In the werdz of the great Inspecteur Clouseau... case sull-ved.
.
Remember how I'd said I'd read papers by the guys you mentioned at the start? I've read the exact paper you're talking about, Shaviv 2003. Here it is!
http://www.juniata.edu/projects/oceans/GL111/celestialdriverofclimate.pdf
Here's the thing: Shaviv's work is on a multimillion year time scale. The idea is that the amount of cosmic energy we're exposed to changes as the earth
passes through the spiral arms of the galaxy. This simply does not happen on a century time scale. You have to move up into the millions of years. Even Shaviv admits this. He expresses a couple caveats in his paper:
Despite all these empirical observations and correlations, the solar-CRF-climate link is still missing a robust physical formulation. It is for this reason that such a link is often understated (IPCC, 2001),
Moreover, the inherent time scales required for the global climate system to reach equilibrium can be as large as several millennia, owing to the slow heat exchange between the oceans and the atmosphere, and to the slow ice sheet adjustment time. Thus, by estimating the effects of CO2 over geological time scales, we may obtain the long-term “equilibrium” response of the global climate system.

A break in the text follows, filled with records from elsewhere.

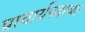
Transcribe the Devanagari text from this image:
प्राचार्यपदाच्या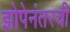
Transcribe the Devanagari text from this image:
झोपेनंतरची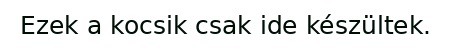
Ezek a kocsik csak ide készültek.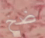
ضخ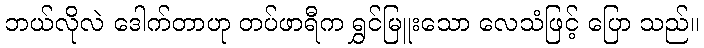
ဘယ်လိုလဲ ဒေါက်တာဟု တပ်ဖာရီက ရွှင်မြူးသော လေသံဖြင့် ပြော သည်။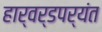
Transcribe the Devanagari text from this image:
हार्वर्डपर्यंत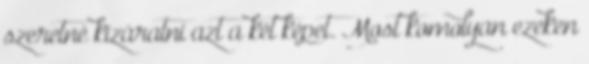
szeretné kizáratni azt a két képet. Most komolyan ezeken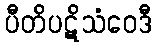
ပီတိပဋိသံဝေဒီ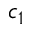
c _ { 1 }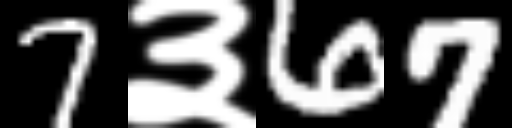
Text: 7३67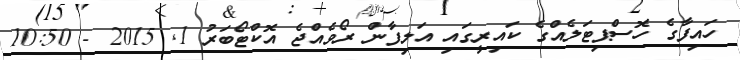
ހައިފާގެ ހޮސްޕިޓަލެއްގެ ކައިރީގައި އަލިފާން ރޯވެއްޖެ އޮކްޓޯބަރު 1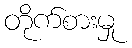
တိုက်စားမှု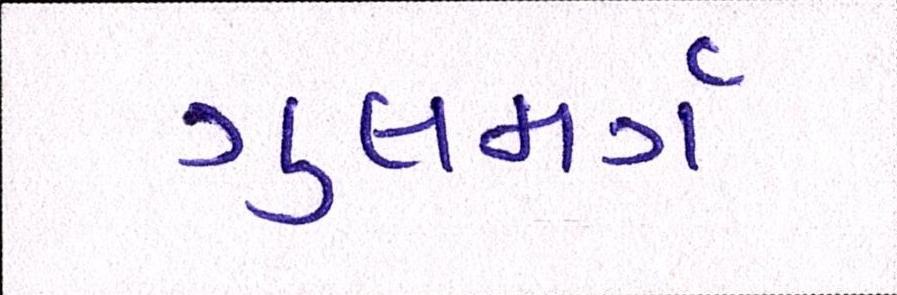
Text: ગુલમર્ગ

Shaviv (2002a, 2002b) proposed that a particularly large CRF variability should arise from passages of the solar system through the Milky Way’s spiral arms that harbor most of the star formation activity. Such passages recur at ~143 ± 10 m.y. intervals, similar to the 135 ± 9 m.y. recurrence of the paleoclimate data (Veizer et al., 2000). Unlike the extrinsic solar-induced CRF modulations, which change the ionization rate at the bottom of the troposphere by typically <10%, the galactic flux variations are much larger and are expected to be about an order of magnitude more effective. It is these intrinsic CRF variations that may be responsible
for the long-term climate changes over the past 1 Ga.
Specifically, the “icehouses” and the oxygen isotope cold intervals
Always. Read. The. Source.
Further complicating the matter, Shaviv's work banks on More Clouds = Cooler, as clouds will reflect sunlight back to space, cooling the earth. However, another prominent skeptic proposes precisely the opposite: That clouds trap in heat, therefore more clouds will keep the earth warmer.
Lindzen, 2001:
http://www.google.com/url?sa=t&sour...sg=AFQjCNFUM_cBm5xaoqCIkVQboQF3ObeGpw&cad=rja
Lindzen proposes that a warming world will have fewer tropical cirrus clouds, thereby allowing more infrared radiation to escape, this cooling the planet back down. Less clouds, colder planet, which runs contrary to Shaviv's less clouds, warmer planet theory.
Really, clouds do both. They reflect light in the visible spectrum, but also absorb light in the infrared spectrum. (Hence the H20 = greenhouse gas thing that skeptics ALSO like to point out) Yes, water vapor (clouds) can absorb that outgoing radiation and trap it, warming the planet. So the question does remain whether clouds introduce a warming or a cooling effect, and this is a subject of ongoing research.